Task objective = For each entry, output its words exactly and leave any picture behind.

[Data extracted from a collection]
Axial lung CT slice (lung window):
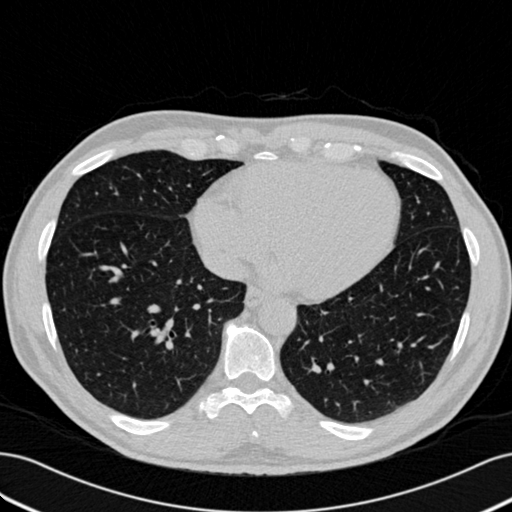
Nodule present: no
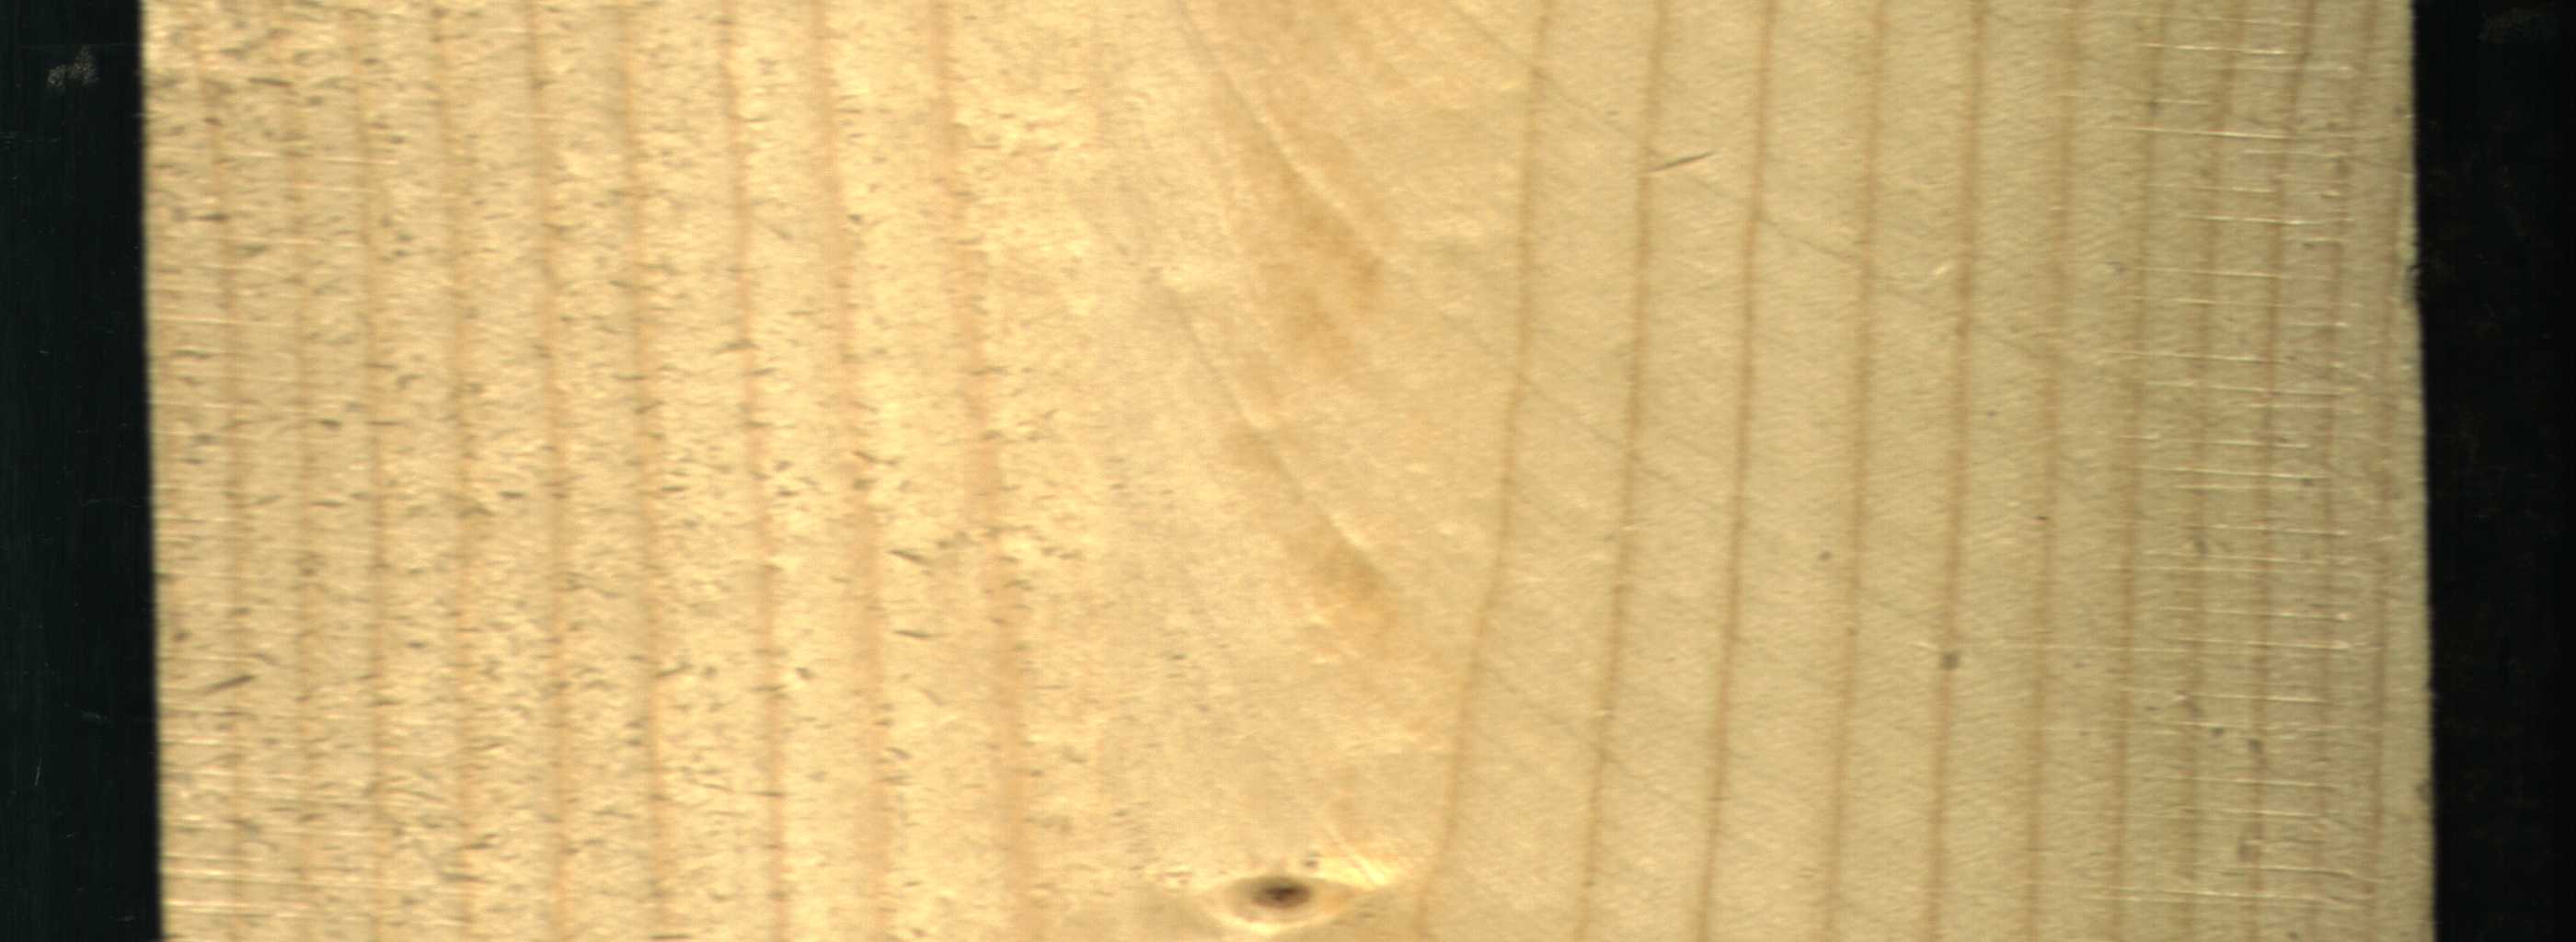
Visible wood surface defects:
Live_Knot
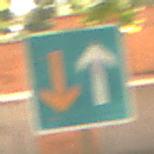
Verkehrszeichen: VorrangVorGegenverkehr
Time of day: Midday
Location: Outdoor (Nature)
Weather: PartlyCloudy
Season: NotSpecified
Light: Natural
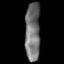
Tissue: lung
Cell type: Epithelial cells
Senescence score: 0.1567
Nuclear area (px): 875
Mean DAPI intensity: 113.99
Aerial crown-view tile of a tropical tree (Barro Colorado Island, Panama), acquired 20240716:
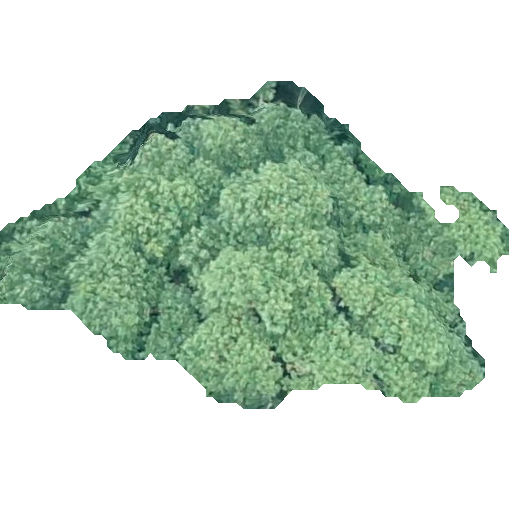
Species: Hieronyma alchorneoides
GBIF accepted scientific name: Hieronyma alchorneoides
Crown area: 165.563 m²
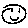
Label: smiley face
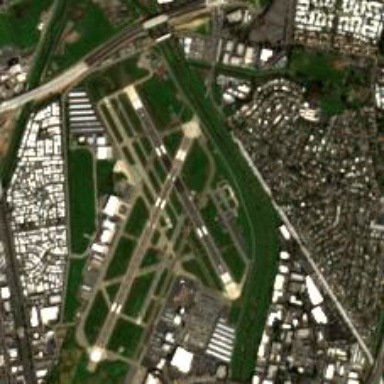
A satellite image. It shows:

Response to the exercise =
Axial lung CT slice (lung window):
Nodule present: no
Visible wood surface defects:
Live_Knot
Verkehrszeichen: VorrangVorGegenverkehr
Time of day: Midday
Location: Outdoor (Nature)
Weather: PartlyCloudy
Season: NotSpecified
Light: Natural
Tissue: lung
Cell type: Epithelial cells
Senescence score: 0.1567
Nuclear area (px): 875
Mean DAPI intensity: 113.99
Aerial crown-view tile of a tropical tree (Barro Colorado Island, Panama), acquired 20240716:
Species: Hieronyma alchorneoides
GBIF accepted scientific name: Hieronyma alchorneoides
Crown area: 165.563 m²
Label: smiley face
A satellite image. It shows:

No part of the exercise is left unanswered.